Of course, she had been bedridden for months from chronic arthritis in her two legs, but I didn’t expect that death would come so soon. Despite fairly bad health condition, she had remained alert, active and strong, to the point of participating actively in family matters. She was only complaining of inability to use her legs as she depended mainly on the wheel chair I got for her.

As usual with my job, I had embarked on an official trip to Akwa Ibom State on Wednesday, May 10, the same way I have always traveled far away, even outside the country, leaving her to the care of my wife and the aide that daily cleaned her up for a fee.

However, while on this trip to Akwa Ibom, which also took me and my fellow online newspaper publishers to Cross River, Bayelsa and Rivers States through to Saturday, I had gone to her room seeking for her prayer. She looked so weak and sober. In fact, some of her systems: the hearing and speech were fast collapsing, so much that her speech was turning into whispers.

I almost cancel the trip but my wife encouraged me to go.

While Criss crossing parts of the Niger Delta by road, I tried to keep my mind off the home front, especially the condition of my mother. The runs around Akwa Ibom, Cross River, Bayelsa and Rivers States were no child’s play. So much that when I returned to my house on Saturday before noon, I looked spent and fagged out.

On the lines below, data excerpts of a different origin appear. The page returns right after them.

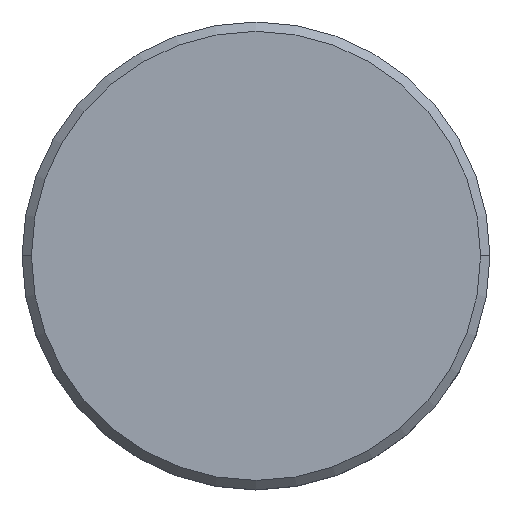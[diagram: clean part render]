
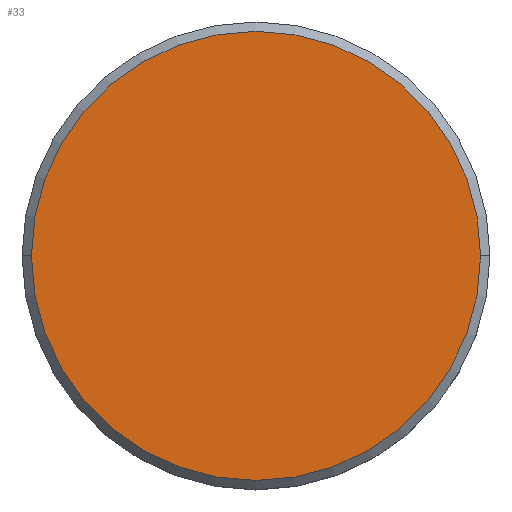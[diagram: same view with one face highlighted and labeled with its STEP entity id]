
A CAD part, top view. The second image highlights one B-rep face of the part: STEP entity #33.
In plain terms, the highlighted planar face has unit normal (0, 0, 1).
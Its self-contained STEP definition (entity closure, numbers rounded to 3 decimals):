
#33 = ADVANCED_FACE ( 'NONE', ( #253 ), #535, .T. ) ;
#38 = ORIENTED_EDGE ( 'NONE', *, *, #627, .T. ) ;
#137 = EDGE_LOOP ( 'NONE', ( #38, #1147 ) ) ;
#143 = CIRCLE ( 'NONE', #330, 12. ) ;
#155 = DIRECTION ( 'NONE',  ( 0., 0., 1. ) ) ;
#180 = AXIS2_PLACEMENT_3D ( 'NONE', #972, #155, #514 ) ;
#208 = CARTESIAN_POINT ( 'NONE',  ( -12., 0., 0. ) ) ;
#253 = FACE_OUTER_BOUND ( 'NONE', #137, .T. ) ;
#277 = VERTEX_POINT ( 'NONE', #544 ) ;
#330 = AXIS2_PLACEMENT_3D ( 'NONE', #1046, #336, #1146 ) ;
#336 = DIRECTION ( 'NONE',  ( 0., 0., 1. ) ) ;
#349 = CARTESIAN_POINT ( 'NONE',  ( 0., 0., 0. ) ) ;
#514 = DIRECTION ( 'NONE',  ( 1., 0., 0. ) ) ;
#535 = PLANE ( 'NONE',  #1170 ) ;
#544 = CARTESIAN_POINT ( 'NONE',  ( 12., 0., 0. ) ) ;
#604 = EDGE_CURVE ( 'NONE', #277, #979, #143, .T. ) ;
#627 = EDGE_CURVE ( 'NONE', #979, #277, #785, .T. ) ;
#714 = DIRECTION ( 'NONE',  ( 1., 0., 0. ) ) ;
#785 = CIRCLE ( 'NONE', #180, 12. ) ;
#972 = CARTESIAN_POINT ( 'NONE',  ( 0., 0., 0. ) ) ;
#979 = VERTEX_POINT ( 'NONE', #208 ) ;
#991 = DIRECTION ( 'NONE',  ( 0., 0., 1. ) ) ;
#1046 = CARTESIAN_POINT ( 'NONE',  ( 0., 0., 0. ) ) ;
#1146 = DIRECTION ( 'NONE',  ( 1., 0., 0. ) ) ;
#1147 = ORIENTED_EDGE ( 'NONE', *, *, #604, .T. ) ;
#1170 = AXIS2_PLACEMENT_3D ( 'NONE', #349, #991, #714 ) ;

Just as I prepared to go for a fairly long rest, my wife came with a report that my mother had not eaten since I left for the journey. My wife and I rushed, in panic, to her room around 8pm to see how we could handle the matter. My mother lied down on her sofa, almost lifeless, safe for her chest that was still thumping.

My wife prepared a cup of tea and tried to feed her, using syringe. While she was doing that, my grown up children joined me in the recitation of some verses from the Holy Qur’an. By the time I have finished reciting Suratu Yaasin, my mother’s condition began to improve. She was now lifting her right hand up, away from the stillness in which we first met her.